We summarized patient characteristics using descriptive statistics. Continuous variables were assessed for normality and, if normally distributed means and standard deviations. If not normally distributed, medians and interquartile ranges were used. Categorical variables were summarized using frequencies and percentages. We reported race and ethnicity using a combined race/ethnicity variable using an approach that has been discussed in the literature.17 The patient’s race and ethnicity were self-reported separately; they were categorized as Hispanic if they identified as Hispanic ethnicity, including any race. For non-Hispanic ethnicity, race categories were separately reported.

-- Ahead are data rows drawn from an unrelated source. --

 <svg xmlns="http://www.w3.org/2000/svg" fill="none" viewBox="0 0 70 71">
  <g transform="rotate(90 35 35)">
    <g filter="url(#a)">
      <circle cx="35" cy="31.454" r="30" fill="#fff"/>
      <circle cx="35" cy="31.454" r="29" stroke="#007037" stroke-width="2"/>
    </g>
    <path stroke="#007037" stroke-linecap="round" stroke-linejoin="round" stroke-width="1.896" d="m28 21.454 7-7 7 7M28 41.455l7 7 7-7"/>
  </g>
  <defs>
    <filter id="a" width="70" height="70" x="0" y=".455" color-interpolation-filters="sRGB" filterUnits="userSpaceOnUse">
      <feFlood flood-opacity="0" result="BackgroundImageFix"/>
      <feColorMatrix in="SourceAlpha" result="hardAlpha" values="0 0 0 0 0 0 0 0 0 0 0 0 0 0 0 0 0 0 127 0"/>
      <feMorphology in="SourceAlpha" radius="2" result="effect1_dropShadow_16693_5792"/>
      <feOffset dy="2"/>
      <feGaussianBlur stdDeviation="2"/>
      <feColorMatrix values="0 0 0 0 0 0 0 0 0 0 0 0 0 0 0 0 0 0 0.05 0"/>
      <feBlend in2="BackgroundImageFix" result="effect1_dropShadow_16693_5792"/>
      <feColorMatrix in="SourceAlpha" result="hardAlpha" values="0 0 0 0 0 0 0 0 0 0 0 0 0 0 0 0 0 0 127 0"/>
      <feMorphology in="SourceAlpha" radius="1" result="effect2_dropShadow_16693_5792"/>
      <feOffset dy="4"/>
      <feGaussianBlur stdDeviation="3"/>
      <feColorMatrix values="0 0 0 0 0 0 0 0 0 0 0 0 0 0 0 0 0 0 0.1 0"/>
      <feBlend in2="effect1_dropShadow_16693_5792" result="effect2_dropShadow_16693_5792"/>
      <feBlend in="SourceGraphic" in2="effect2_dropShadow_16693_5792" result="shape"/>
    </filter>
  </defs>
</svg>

We included patient complexity level using the patient medical complexity algorithm (PMCA), which uses billing and diagnosis data to stratify children based on presence of chronic and/or complex disease.18 The patient’s preferred language was determined based on parent report during registration of what language they would prefer for care during their visit. High- and low-volume hours were classified based on historical ED encounter data; ED visits between 2 pm–2 am were considered higher volume hours and between 2 am – 2 pm as lower volume. We used multivariable logistic regression to assess risk factors for FI. Results were reported as odds ratios (OR) and 95% confidence intervals (CI). A P-value of 0.05 was considered statistically significant. SAS 9.4 (SAS Institute Inc, Cary, NC) was used for all analyses.

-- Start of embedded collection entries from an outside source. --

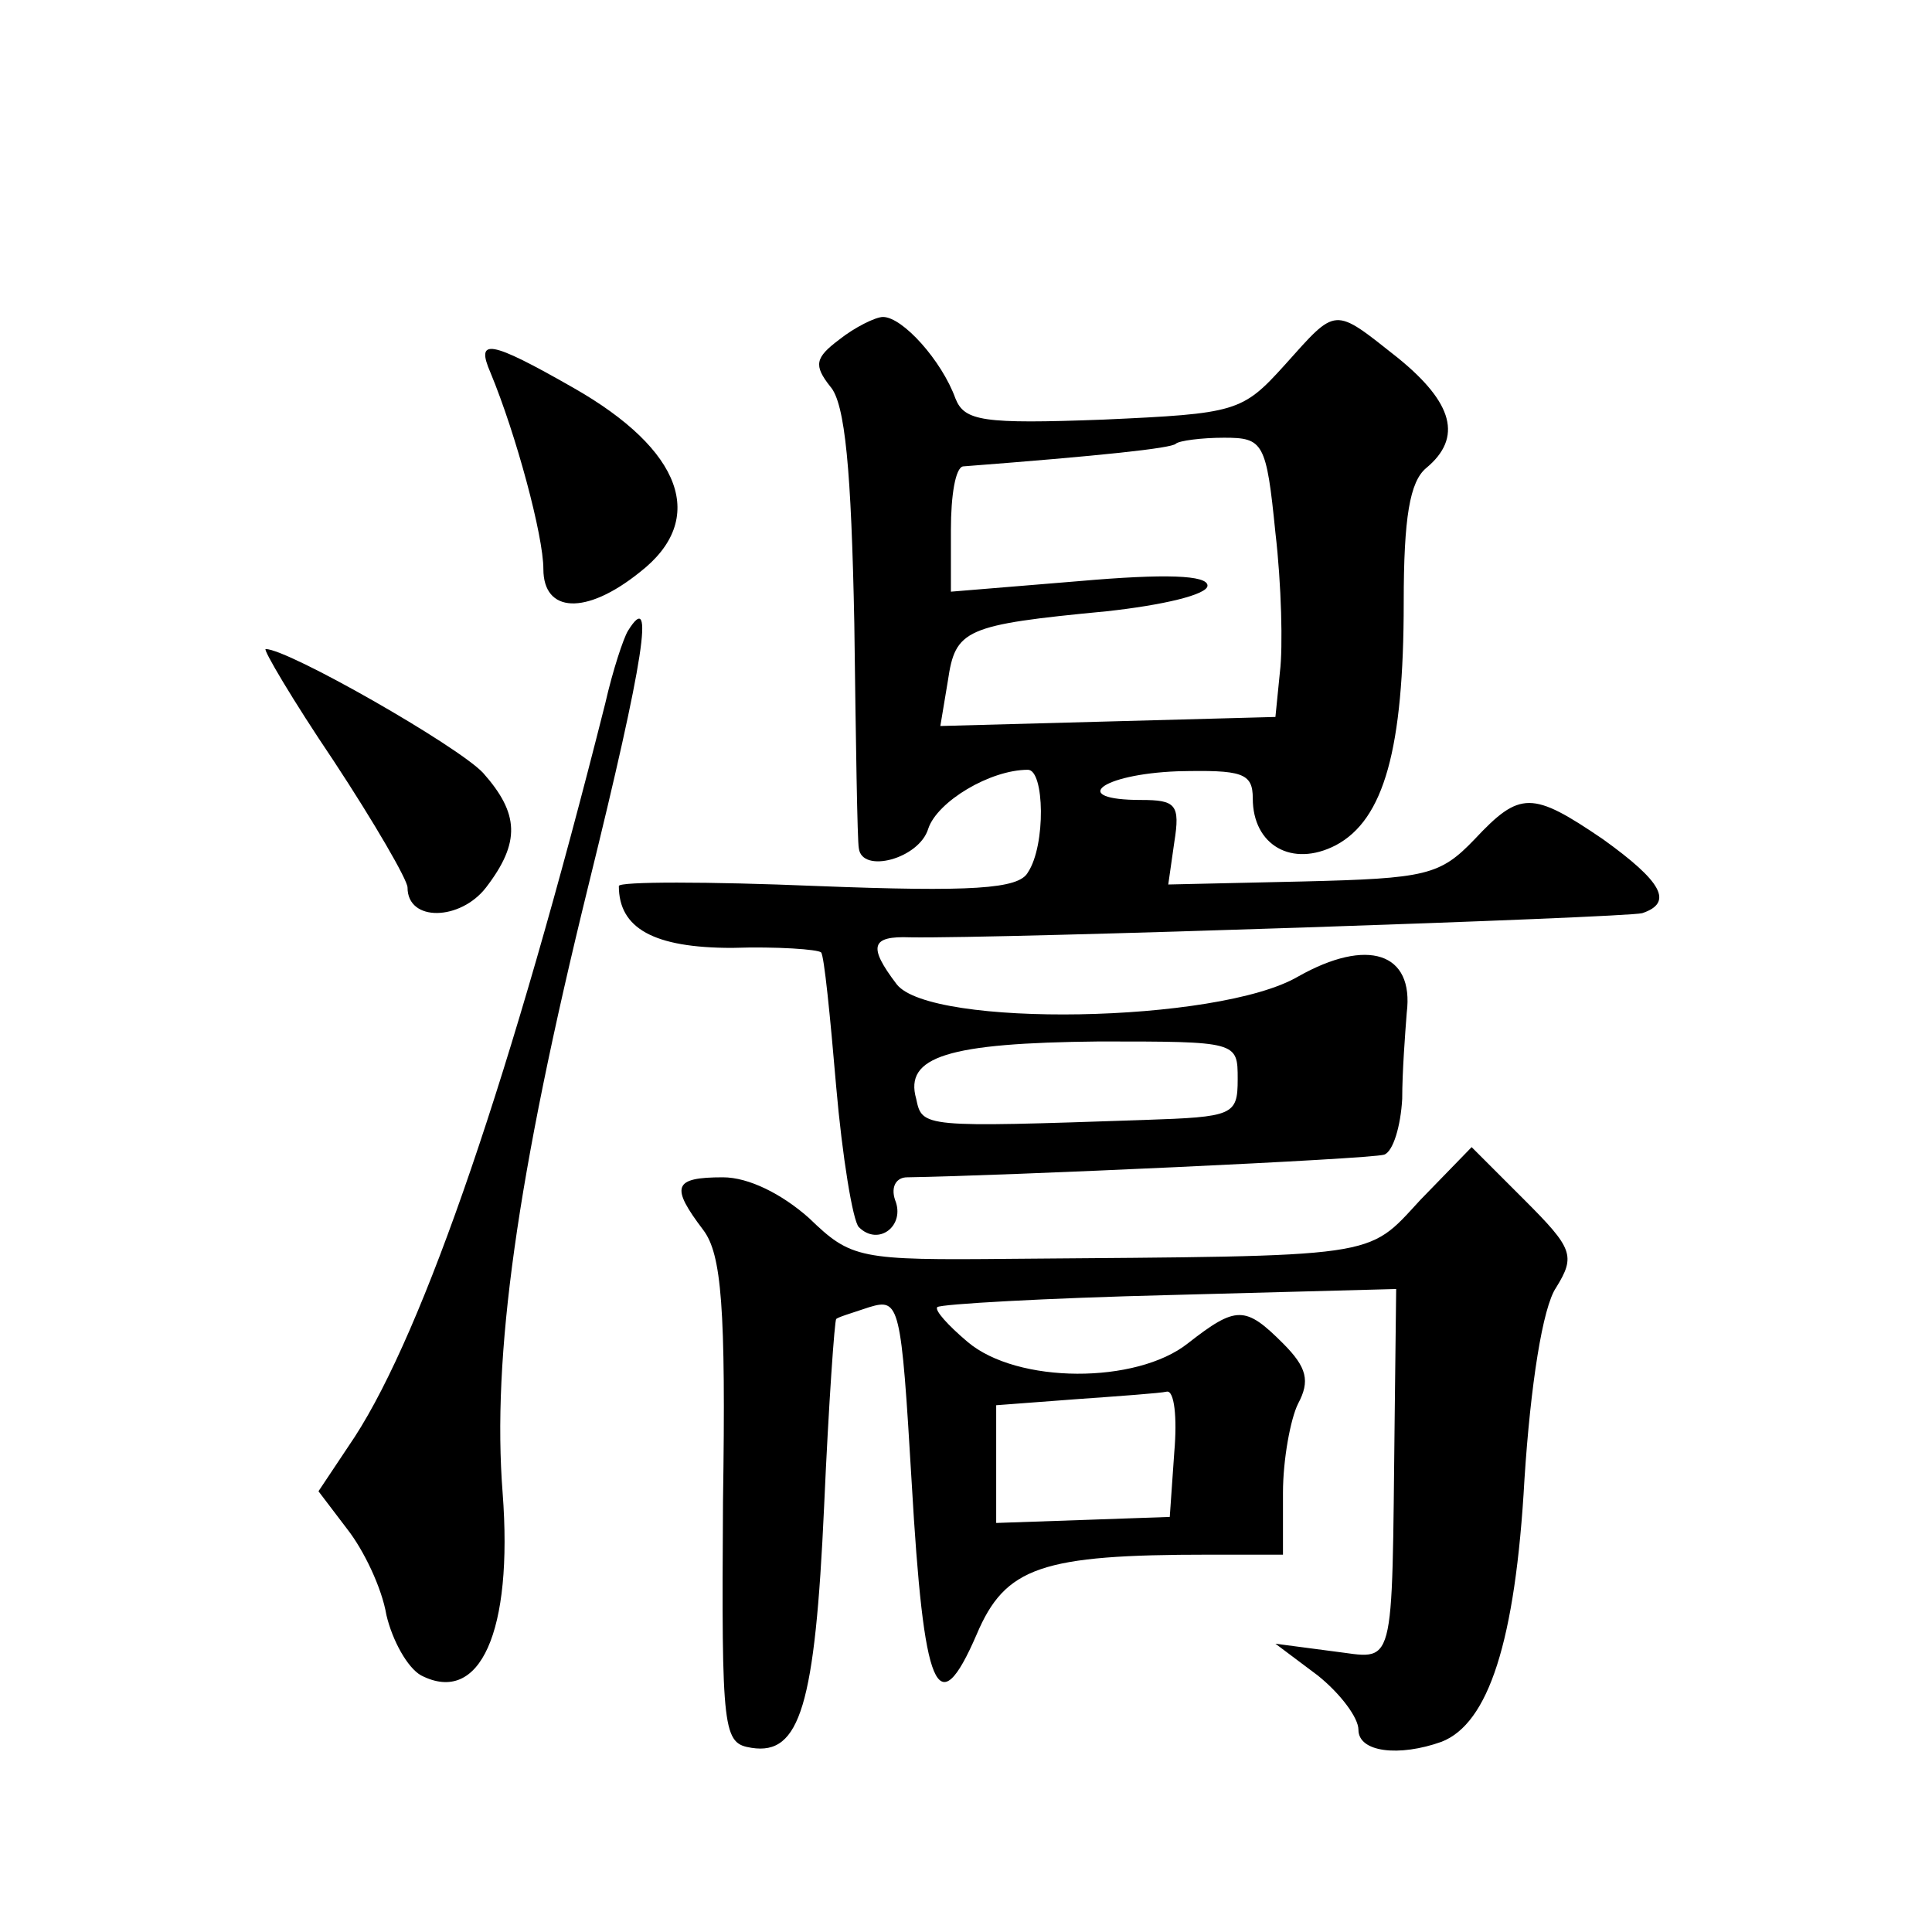<?xml version="1.0" standalone="no"?>
<!DOCTYPE svg PUBLIC "-//W3C//DTD SVG 20010904//EN"
 "http://www.w3.org/TR/2001/REC-SVG-20010904/DTD/svg10.dtd">
<svg version="1.0" xmlns="http://www.w3.org/2000/svg"
 width="128pt" height="128pt" viewBox="0 0 128 128"
 preserveAspectRatio="xMidYMid meet">
<g transform="translate(0,128) scale(0.1,-0.1)"
fill="#0" stroke="none">
<path d="M556 1055 c-16 -12 -17 -17 -6 -31 10 -11 14 -56 16 -157 1 -78 2 -145
3 -149 2 -17 40 -7 46 13 6 18 41 39 66 39 11 0 12 -50 0 -68 -6 -11 -37 -13 -140
-9 -72 3 -131 3 -131 0 0 -28 23 -41 75 -41 30 1 57 -1 59 -3 2 -2 6 -42 10 -89
4 -46 11 -89 15 -93 13 -13 31 1 24 18 -3 9 1 15 8 15 64 1 306 12 316 15 6 2 11
19 12 37 0 18 2 44 3 57 5 40 -26 50 -72 24 -53 -31 -244 -34 -266 -5 -19 25 -17
32 9 31 59 -1 474 13 485 16 21 7 13 21 -26 49 -47 32 -55 32 -85 0 -23 -24 -32
-26 -114 -28 l-89 -2 4 28 c4 25 1 28 -22 28 -48 0 -27 17 24 19 43 1 50 -1 50
-18 0 -31 26 -46 55 -31 32 17 45 64 45 161 0 56 4 80 15 89 24 20 18 43 -19 73
-43 34 -40 34 -75 -5 -28 -31 -32 -32 -120 -36 -80 -3 -92 -1 -98 14 -9 25 -35
54 -48 54 -5 0 -19 -7 -29 -15z m289 -128 c4 -34 5 -76 3 -92 l-3 -30 -111 -3 -111
-3 5 30 c5 34 11 37 105 46 37 4 67 11 67 17 0 7 -28 8 -85 3 l-85 -7 0 41 c0 23
3 41 8 42 91 7 138 12 141 15 2 2 17 4 32 4 26 0 28 -3 34 -63z m-25 -362 c0 -24
-3 -25 -62 -27 -147 -5 -147 -5 -151 14 -8 28 21 37 121 38 92 0 92 0 92 -25z M325
1033 c17 -41 35 -108 35 -130 0 -29 28 -31 64 -2 45 35 28 81 -44 122 -56 32 -65
33 -55 10z M416 862 c-3 -5 -10 -26 -15 -48 -62 -246 -120 -415 -166 -486 l-24
-36 19 -25 c11 -14 23 -39 26 -57 4 -17 14 -35 23 -40 39 -20 61 29 54 121 -7 90
9 208 57 403 37 150 44 197 26 168z M221 776 c27 -41 49 -79 49 -84 0 -23 35 -22
52 0 23 30 22 49 -2 76 -17 18 -129 82 -144 82 -2 0 18 -34 45 -74z M941 485 c-36
-39 -25 -37 -271 -39 -101 -1 -106 0 -134 27 -18 16 -40 27 -57 27 -33 0 -35 -6
-13 -35 12 -16 15 -51 13 -180 -1 -154 0 -160 19 -163 32 -5 42 28 48 160 3 68
7 124 8 124 0 1 10 4 22 8 20 6 21 2 28 -116 8 -139 17 -161 43 -101 19 45 43 53
154 53 l49 0 0 41 c0 22 5 49 10 59 8 15 6 24 -10 40 -25 25 -31 25 -63 0 -34 -27
-113 -27 -146 1 -13 11 -22 21 -20 23 2 2 72 6 154 8 l150 4 -1 -86 c-2 -171 1
-159 -41 -154 l-38 5 28 -21 c15 -12 27 -28 27 -36 0 -15 27 -18 55 -8 31 12 49
66 55 174 4 62 12 114 21 127 13 21 11 26 -21 58 l-35 35 -34 -35z m-163 -167 l-3
-43 -57 -2 -58 -2 0 39 0 39 53 4 c28 2 56 4 60 5 5 1 7 -17 5 -40z"/>
</g>
</svg>

We based feasibility on the time required to screen and to provide real-time resources for patients who screened positive. This study was granted exempt status by the hospital’s institutional review board.
RESULTS
There were 527 pediatric ED patient encounters eligible within the screening hours. Of these, 457 patient caregivers or adult patients were approached and 439 (96%) agreed to participate in screening and were screened; 18 declined, 19 met exclusion criteria, and 51 were missed (Figure). On average, the FI questions using the screening tool required five minutes (3–10 minutes) to complete; the screening required closer to 10 minutes when an interpreter was used. The majority of participants (328; 75%) preferred to answer in writing rather than verbally. Overall, 77 participants (17.5%) screened positive for FI (Table 1).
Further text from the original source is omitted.